◆ Task to complete ◆
Your answer should show every line of the material below that includes "width".

◆ Extracted records ◆
────────────────
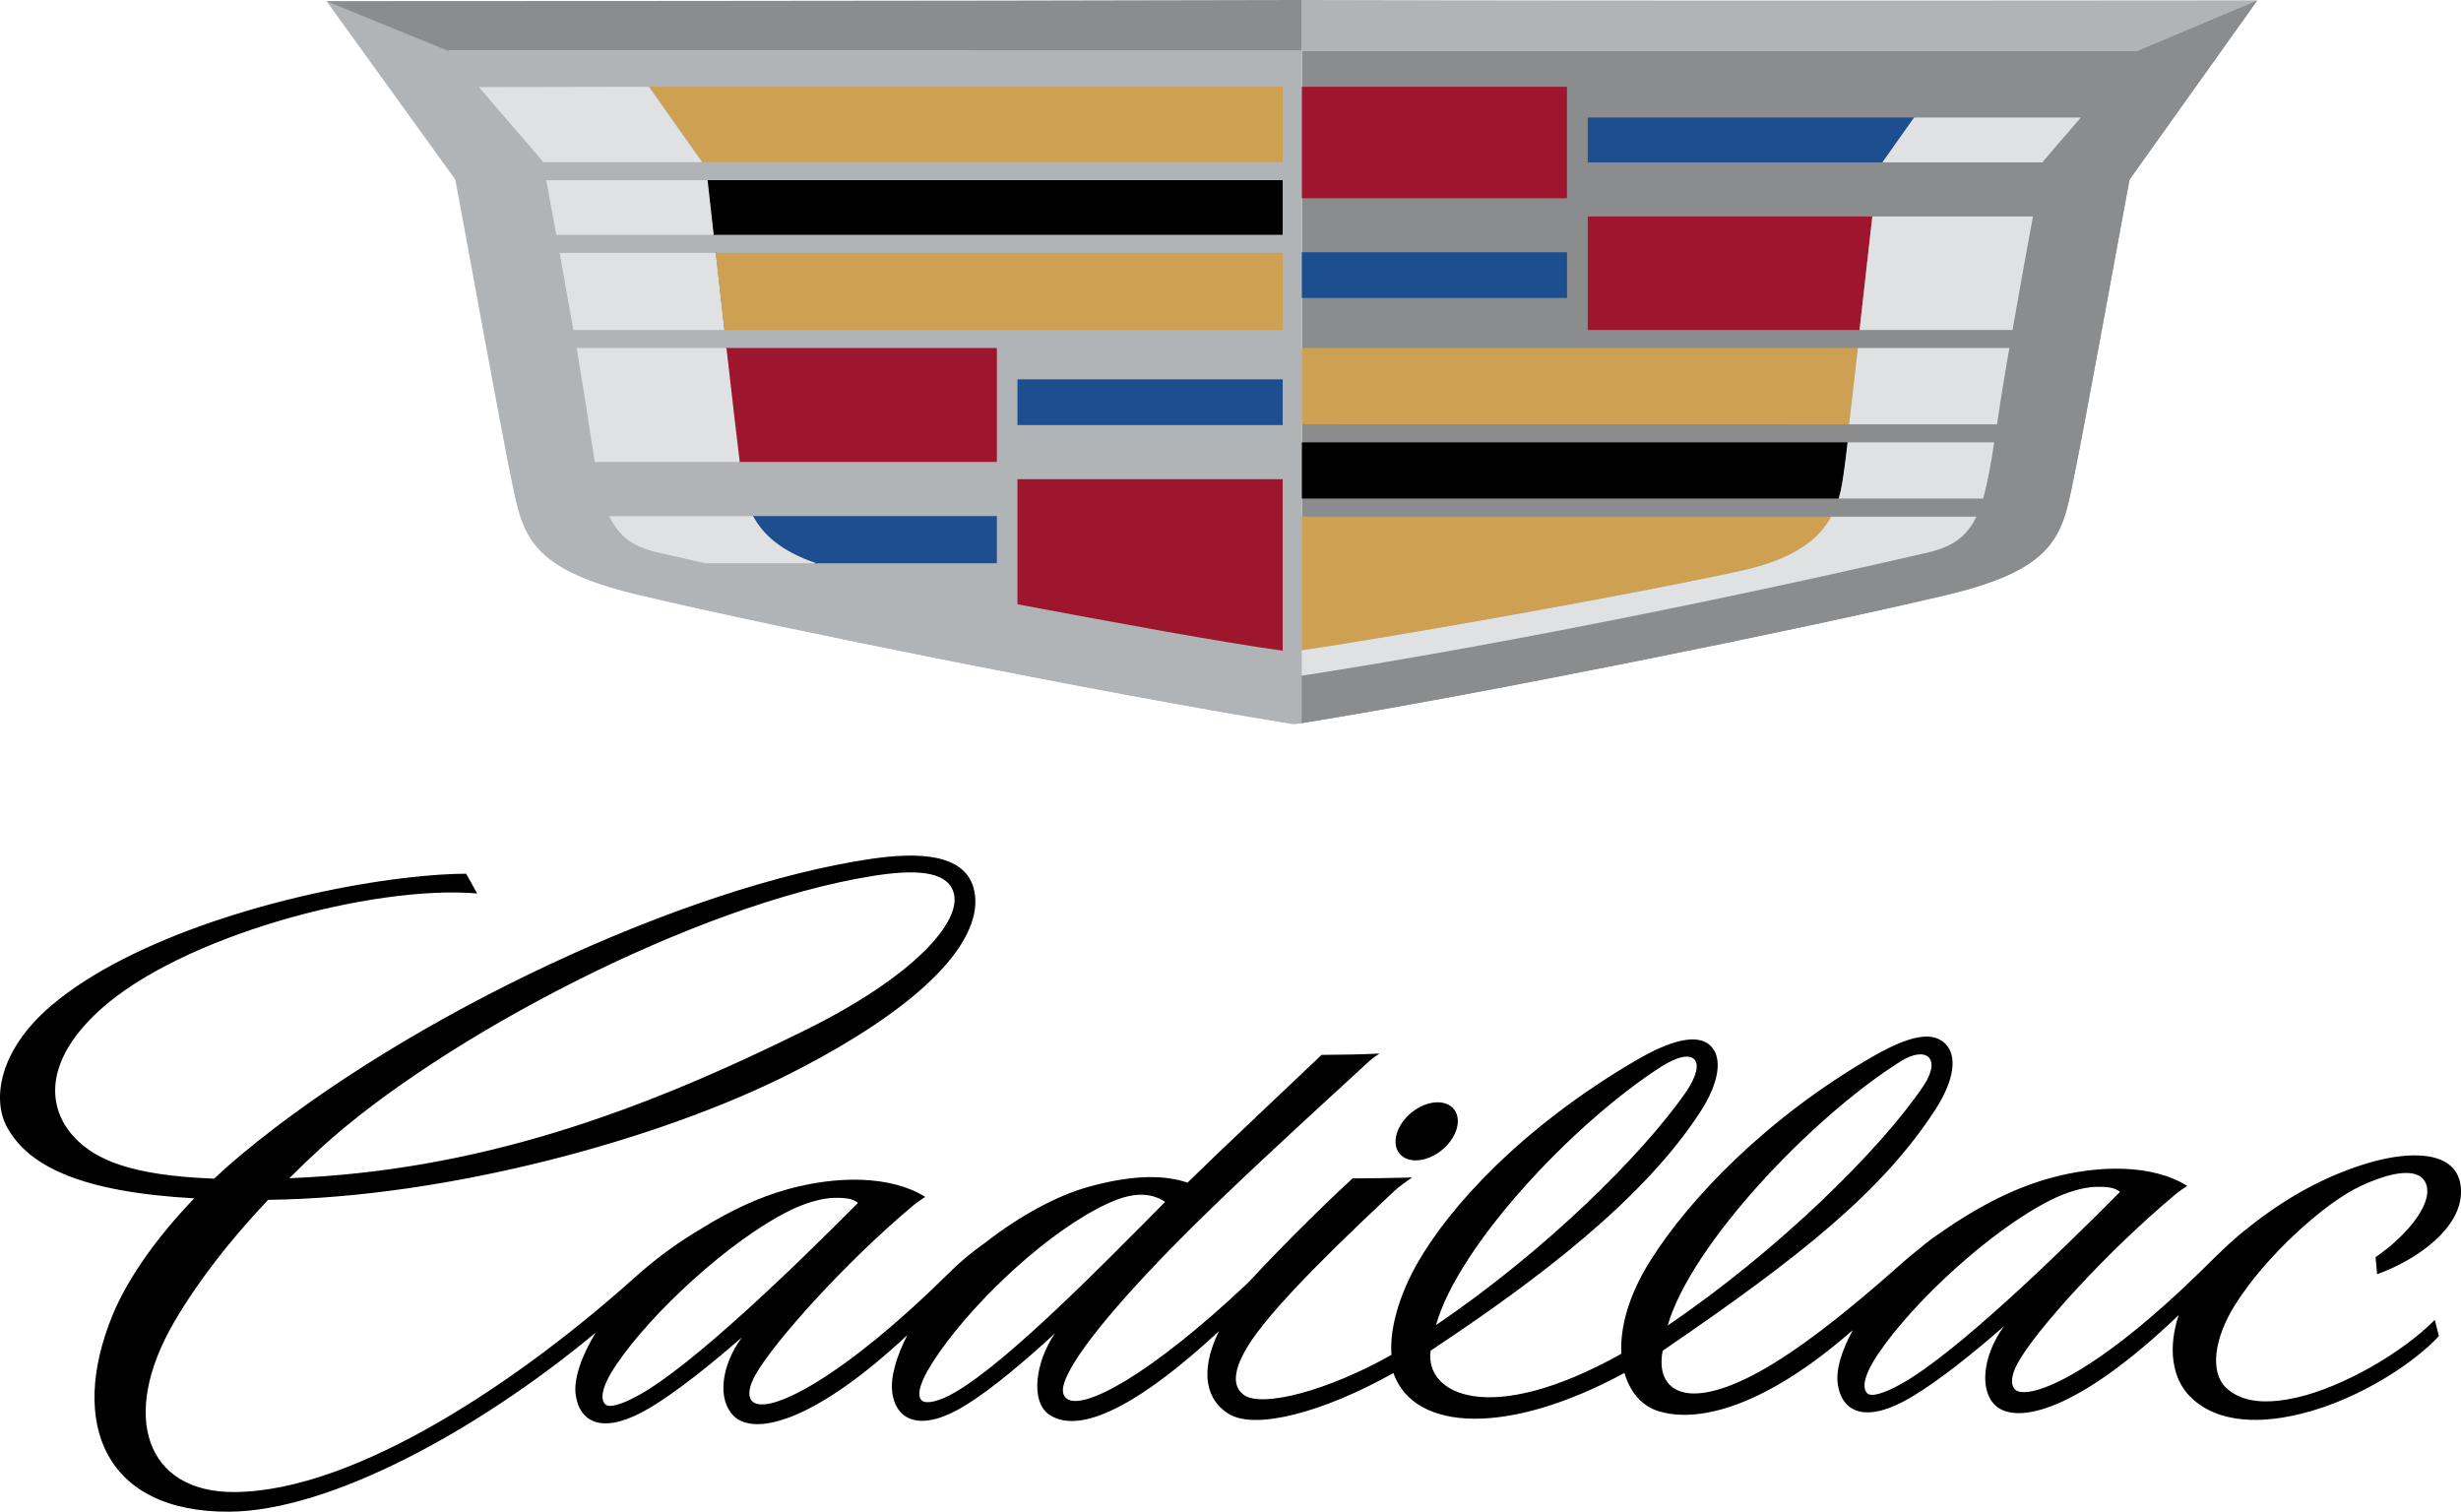 <?xml version="1.0" encoding="utf-8"?>
<!-- Generator: Adobe Illustrator 16.0.0, SVG Export Plug-In . SVG Version: 6.00 Build 0)  -->
<!DOCTYPE svg PUBLIC "-//W3C//DTD SVG 1.1//EN" "http://www.w3.org/Graphics/SVG/1.1/DTD/svg11.dtd">
<svg version="1.1" id="Layer_1" xmlns="http://www.w3.org/2000/svg" xmlns:xlink="http://www.w3.org/1999/xlink" x="0px" y="0px"
	 width="1000px" height="614.283px" viewBox="0 0 1000 614.283" enable-background="new 0 0 1000 614.283" xml:space="preserve">
<g>
	<path d="M1000,484.339c-0.032,14.565-17.139,27.28-34.081,33.448l-0.642-6.94c13.455-9.146,25.116-23.734,19.673-31.325
		c-3.225-4.499-12.387-3.775-25.66,2.392c-14.853,6.901-38.981,28.752-51.334,48.688c-8.307,13.43-10.033,26.917-3.487,33.233
		c6.596,6.333,16.893,6.809,29.261,3.938c17.502-4.054,41.762-17.427,55.629-31.456l1.661,6.587
		c-9.03,9.951-31.417,25.545-56.121,31.613c-20.594,5.066-35.956,2.072-44.903-6.926c-7.633-7.631-9.063-20.23-4.688-33.216
		c-41.777,39.919-65.875,44.196-74.214,36.975c-7.22-6.266-5.198-20.987,3.158-32.377c-12.533,10.954-26.416,22.081-37.502,28.686
		c-18.01,10.749-28.027,6.687-29.952-4.901c-0.986-5.93,1.529-13.915,6.054-22.28c-35.742,31.376-62.997,37.914-78.968,32.938
		c-6.826-2.105-11.547-7.797-13.8-15.527c-46.813,25.404-85.382,24.187-93.887,0.049c-28.505,15.973-56.137,23.299-66.992,16.563
		c-8.438-5.237-12.305-16.118-3.948-33.537c-29.294,27.221-55.118,42.715-68.638,34.071c-8.257-5.287-5.822-21.875,2.056-33.217
		c-12.253,11.252-24.919,22.017-35.84,28.909c-17.748,11.2-28.422,7.171-30.215-4.45c-0.987-6.398,1.596-15.01,6.069-23.783
		c-37.436,35.1-61.96,41.169-70.464,32.96c-6.892-6.701-5.214-20.493,3.224-31.998c-12.55,10.929-26.416,22.081-37.494,28.685
		c-18.019,10.724-28.027,6.687-29.96-4.917c-1.127-6.72,2.286-16.087,8.035-25.685c-48.036,39.945-108.114,72.438-148.773,72.741
		c-50.652,0.354-65.471-35.889-47.601-79.665c6.135-15.01,18.052-31.868,33.283-47.668c-45.981-2.574-67.29-12.969-76.065-28.882
		c-6.06-10.972-3.618-31.063,17.92-49.402c32.707-27.839,95.128-46.014,143.149-51.845c10.814-1.316,20.281-1.801,25.47-1.769
		l4.482,8.002c-42.584-3.553-120.738,17.378-153.749,47.766c-22.682,20.873-20.946,39.903-9.581,51.688
		c8.15,8.438,21.934,15.164,56.458,16.44c3.602-3.38,7.327-6.687,11.185-9.902c68.885-57.231,180.444-108.92,255.629-120.022
		c19.639-2.895,37.945-2.007,41.762,11.811c4.753,17.072-12.665,43.908-73.902,75.102c-52.88,26.942-139.85,50.742-212.748,51.622
		c-15.831,16.746-28.678,33.398-38.176,49.666c-22.254,38.118-11.505,69.263,24.417,69.073
		c50.158-0.254,117.851-46.868,162.417-86.912c11.258-10.098,20.699-16.168,27.131-19.967c12.188-7.6,23.488-12.806,34.771-16.005
		c20.56-5.831,42.519-5.773,56.45,2.945c-1.053,0.724-3.208,2.104-4.852,3.47c-27.995,23.464-56.664,55.619-64.082,68.737
		c-2.583,4.58-3.438,8.677-1.398,10.798c6.053,6.267,36.68-9.317,79.461-51.59c6.119-6.028,10.494-9.416,15.198-12.763
		c14.54-11.343,29.558-19.205,41.482-22.575c19.492-5.527,32.486-4.779,40.759-1.851c13.389-13.159,37.042-35.307,54.493-51.928
		c8.553-0.099,14.804-0.099,23.554-0.543c-1.497,0.963-2.813,1.826-4.178,3.085c-12.912,11.892-39.509,36.062-61.648,57.37
		c-27.155,26.104-51.169,52.297-59.657,67.553c-3.29,5.931-4.375,10.024-1.661,12.181c6.448,5.115,33.703-9.244,73.82-47.157
		c16.251-17.624,35.445-36.014,42.354-42.296c8.29-0.065,15.444-0.116,24.229-0.37c-2.451,1.636-5.543,3.855-7.419,5.641
		c-17.517,16.441-46.778,44.147-57.848,60.53c-8.85,13.207-7.105,19.309-3.158,22.172c7.419,5.387,34.426-1.81,60.003-16.276
		c-0.806-10.205,2.896-23.759,10.411-37.033c12.83-22.689,42.239-55.363,89.167-82.75c13.947-8.134,24.721-10.864,29.968-5.913
		c5.016,4.737,3.882,14.787-4.211,27.205c-22.962,35.183-64.904,67.297-109.43,96.79c-2.533,17.55,23.702,31.382,77.504,1.266
		c-0.576-10.461,2.813-23.513,11.596-37.542c16.383-26.177,48.209-58.68,89.922-82.867c13.964-8.1,24.244-11.2,29.969-5.723
		c5.132,4.893,3.979,14.836-4.112,27.246c-21.662,33.167-54.723,59.524-110.581,97.653c-2.911,14.91,7.583,24.795,36.104,10.214
		c15.132-7.748,34.821-22.337,61.896-46.474c1.94-1.735,4.111-3.471,6.02-4.984c1.875-1.604,3.767-3.117,5.576-4.433
		c17.104-12.222,32.105-20.009,47.106-24.27c20.561-5.822,42.519-5.773,56.435,2.968c-1.07,0.707-3.208,2.106-4.836,3.471
		c-27.995,23.456-56.615,55.053-64.017,68.499c-2.55,4.613-3.19,8.71-1.085,10.773c4.522,4.466,30.643-3.782,77.289-49.887
		c7.204-7.089,11.694-11.448,17.419-15.849c15.593-12.565,32.123-21.341,48.538-26.243c17.682-5.287,35.348-4.901,37.683,8.422
		c0.165,0.978,0.247,1.94,0.264,2.92V484.339 M585.77,467.423c6.136-4.935,8.405-12.394,5.066-16.637
		c-3.354-4.261-11.036-3.71-17.188,1.225c-6.118,4.935-8.388,12.386-5.05,16.646C571.938,472.917,579.636,472.358,585.77,467.423
		 M473.43,488.396c-2.04-1.416-5.642-3.119-10.593-2.913c-5.773,0.215-11.761,2.913-17.271,5.824
		c-24.163,12.837-52.964,40.946-66.599,62.288c-6.185,9.695-6.151,13.996-4.326,15.544c1.661,1.414,6.645,0.608,13.75-3.554
		C409.858,552.969,447.639,514.449,473.43,488.396 M348.638,488.79c-1.892-1.579-4.49-2.122-9.425-2.056
		c-5.806,0.091-12.846,2.442-18.422,5.223c-24.458,12.163-56.146,41.539-70.332,62.543c-6.448,9.531-6.448,14.261-4.524,16.137
		c1.58,1.562,6.514,0.213,13.709-3.759C281.414,554.829,322.551,515.098,348.638,488.79 M583.517,538.437
		c45.019-30.534,83.918-69.459,101.271-94.271c9.392-13.455,3.815-19.483-9.951-10.609
		C638.503,456.987,592.333,506.744,583.517,538.437 M861.442,484.316c-1.909-1.588-4.492-2.122-9.441-2.057
		c-5.79,0.083-12.83,2.443-18.406,5.223c-24.475,12.172-56.153,41.531-70.332,62.536c-6.448,9.53-6.448,14.269-4.539,16.136
		c1.611,1.562,6.529,0.222,13.718-3.758C794.217,550.356,835.372,510.625,861.442,484.316 M117.55,478.765
		c76.344-3.068,141.272-26.261,210.117-60.398c43.34-21.489,62.881-43.521,59.937-55.258c-2.451-9.819-17.155-9.671-32.814-7.196
		C282.105,367.5,179.46,421.854,130.856,466.066C126.202,470.31,121.81,474.538,117.55,478.765 M677.633,538.627
		c45.266-30.708,86.978-72.075,103.903-97.34c7.664-11.415,1.035-16.481-9.276-9.984
		C736.089,454.076,687.157,505.732,677.633,538.627"/>
	<path fill="#B1B4B6" d="M525.965,294.208l3.914-0.403v-19.318c-23.208-3.553-127.341-18.998-261.771-50.011
		c-25.158-5.822-22.748-24.22-31.943-77.479c-7.163-41.482-14.688-81.435-14.688-81.435l-38.76-45.019L133.71,0.502l52.239,72.495
		c4.046,22.106,19.475,106.008,21.745,116.815c5.444,25.971,5.025,40.643,52.691,51.959
		c58.202,13.816,190.659,40.257,261.879,51.812L525.965,294.208z"/>
	<path fill="#8A8C8E" d="M868.974,20.519l-0.082,0.017H528.975v273.278c70.185-11.234,202.657-37.979,261.854-52.042
		c47.666-11.324,47.271-25.972,52.684-51.959c2.302-10.814,17.715-94.692,21.761-116.806l51.894-72.816L868.974,20.519z"/>
	<path fill="#B1B4B6" d="M525.061,294.208c-1.004-0.172-2.764-0.469-3.784-0.625c-71.713-11.703-204.121-38.111-261.813-51.812
		c-47.683-11.316-47.248-25.988-52.683-51.959c-2.294-10.807-17.706-94.708-21.761-116.815L132.666,0.453l49.114,20.091h347.179
		v273.261L525.061,294.208z"/>
	<path fill="#B1B4B6" d="M528.975,20.56h339.999l48.324-20.428c0,0-249.09,0.287-385.807-0.132h-2.517V20.56z"/>
	<path fill="none" stroke="#333334" stroke-width="0.488" stroke-miterlimit="10" d="M306.103,209.689
		c3.897,7.327,11.168,14.252,25.708,19.17"/>
	<path fill="none" stroke="#333334" stroke-width="0.488" stroke-miterlimit="10" d="M287.599,73.187
		c0.625,5.625,1.497,13.355,2.483,22.197"/>
	<path fill="none" stroke="#333334" stroke-width="0.488" stroke-miterlimit="10" d="M290.888,102.719
		c1.118,9.902,2.336,20.733,3.52,31.333"/>
	<path fill="none" stroke="#333334" stroke-width="0.488" stroke-miterlimit="10" d="M295.248,141.38L295.248,141.38
		c2.302,20.297,4.408,38.628,5.411,46.302"/>
	<path fill="#9D162E" d="M405.071,187.715H300.543c-0.872-6.719-3.043-25.47-5.395-46.302h109.923V187.715z"/>
	<path fill="#1D4F90" d="M306.086,209.714c3.881,7.328,11.152,14.252,25.692,19.17h73.293v-19.17H306.086z"/>
	<path fill="#9D162E" d="M645.165,87.981h115.614c-1.447,12.838-3.339,29.73-5.197,46.104H645.165V87.981z"/>
	<polygon fill="#1D4F90" points="645.165,47.757 777.902,47.757 765.039,65.982 645.165,65.982 	"/>
	<path fill="#CEA052" d="M528.958,209.928v54.287c40.38-5.864,143.543-24.368,179.433-32.51
		c21.285-4.794,30.973-13.002,35.741-21.777H528.958z"/>
	<path d="M528.992,179.754v22.838h218.069c1.299-3.923,1.875-8.002,2.434-12.023l0.148-1.102c0.213-1.53,0.625-4.968,1.201-9.713
		H528.992z"/>
	<path fill="#CEA052" d="M528.992,141.38v31.004l222.328,0.033c1.005-8.57,2.255-19.466,3.555-31.005L528.992,141.38z"/>
	<rect x="528.975" y="102.497" fill="#1D4F90" width="107.768" height="18.578"/>
	<rect x="413.427" y="154.144" fill="#1D4F90" width="107.784" height="18.578"/>
	<rect x="528.992" y="35.265" fill="#9D162E" width="107.719" height="45.29"/>
	<path fill="#9D162E" d="M521.211,194.721H413.427v50.833c40.528,7.583,82.833,15.445,107.784,18.849V194.721z"/>
	<path fill="#CEA052" d="M521.211,102.744H290.806c1.119,9.836,2.32,20.7,3.553,31.334h226.853V102.744z"/>
	<path d="M521.211,73.211H287.434c0.593,5.206,1.464,13.043,2.5,22.205h231.277V73.211z"/>
	<polygon fill="#CEA052" points="521.228,35.249 263.889,35.249 285.493,65.867 521.228,65.867 	"/>
	<path fill="#8A8C8E" d="M528.975,20.56L181.78,20.527L132.6,0.453c0,0,249.97-0.034,393.743-0.453h2.648L528.975,20.56z"/>
	<path fill="#8A8C8E" d="M815.518,147.005c-9.194,53.259-6.777,71.648-31.959,77.462c-135.236,31.21-232.065,46.672-254.584,50.084
		v19.253c70.168-11.218,202.657-37.979,261.854-52.025c47.666-11.316,47.255-25.988,52.7-51.959
		c2.285-10.831,17.698-94.708,21.76-116.823l51.944-72.832l-48.26,20.346l-38.752,45.044
		C830.222,65.555,822.673,105.523,815.518,147.005"/>
	<path fill="#E0E1E2" d="M815.518,147.005c0.328-1.867,0.658-3.742,0.971-5.592h-61.583c-1.298,11.489-2.532,22.353-3.552,31.005
		h60.117C812.574,164.976,813.857,156.554,815.518,147.005"/>
	<path fill="#E0E1E2" d="M830.206,65.563l15.314-17.805h-67.751l-12.896,18.225h65.25C830.19,65.71,830.206,65.563,830.206,65.563"
		/>
	<path fill="#E0E1E2" d="M826.062,87.981h-65.25c-1.497,13.125-3.372,29.894-5.197,46.104h62.156
		C820.814,116.716,823.775,100.342,826.062,87.981"/>
	<path fill="#E0E1E2" d="M783.559,224.476c10.099-2.343,15.773-6.703,19.524-14.54h-58.999
		c-4.754,8.775-14.442,16.966-35.726,21.777c-35.89,8.134-139.069,26.646-179.384,32.51v10.338
		C551.443,271.148,648.306,255.687,783.559,224.476"/>
	<path fill="#E0E1E2" d="M810.337,179.754h-59.592c-0.576,4.967-1.021,8.652-1.3,10.478c-0.543,3.89-1.052,8.117-2.27,12.36h58.62
		C807.574,196.547,808.889,189.047,810.337,179.754"/>
	<path fill="#E0E1E2" d="M235.236,147.005c2.896,16.827,4.646,30.149,6.48,40.709h58.876c-0.986-7.682-3.108-26.021-5.395-46.302
		h-60.923C234.595,143.264,234.916,145.139,235.236,147.005"/>
	<path fill="#E0E1E2" d="M220.532,65.563c0,0,0.041,0.115,0.074,0.329h64.658l-21.629-30.635l-69.034,0.14L220.532,65.563z"/>
	<path fill="#E0E1E2" d="M267.203,224.476c6.563,1.513,12.995,2.977,19.376,4.408h45.167c-14.523-4.918-21.81-11.843-25.708-19.162
		h-58.465C251.314,217.7,256.989,222.116,267.203,224.476"/>
	<path fill="#E0E1E2" d="M232.982,134.078h61.376c-1.201-10.593-2.418-21.424-3.52-31.326h-63.432
		C229.109,112.251,231.025,122.967,232.982,134.078"/>
	<path fill="#E0E1E2" d="M226.066,95.416H290c-0.97-8.841-1.842-16.571-2.484-22.197h-65.545
		C222.949,78.475,224.38,86.172,226.066,95.416"/>
</g>
</svg>
────────────────
◆ Response area ◆
	 width="1000px" height="614.283px" viewBox="0 0 1000 614.283" enable-background="new 0 0 1000 614.283" xml:space="preserve">
	<path fill="none" stroke="#333334" stroke-width="0.488" stroke-miterlimit="10" d="M306.103,209.689
	<path fill="none" stroke="#333334" stroke-width="0.488" stroke-miterlimit="10" d="M287.599,73.187
	<path fill="none" stroke="#333334" stroke-width="0.488" stroke-miterlimit="10" d="M290.888,102.719
	<path fill="none" stroke="#333334" stroke-width="0.488" stroke-miterlimit="10" d="M295.248,141.38L295.248,141.38
	<rect x="528.975" y="102.497" fill="#1D4F90" width="107.768" height="18.578"/>
	<rect x="413.427" y="154.144" fill="#1D4F90" width="107.784" height="18.578"/>
	<rect x="528.992" y="35.265" fill="#9D162E" width="107.719" height="45.29"/>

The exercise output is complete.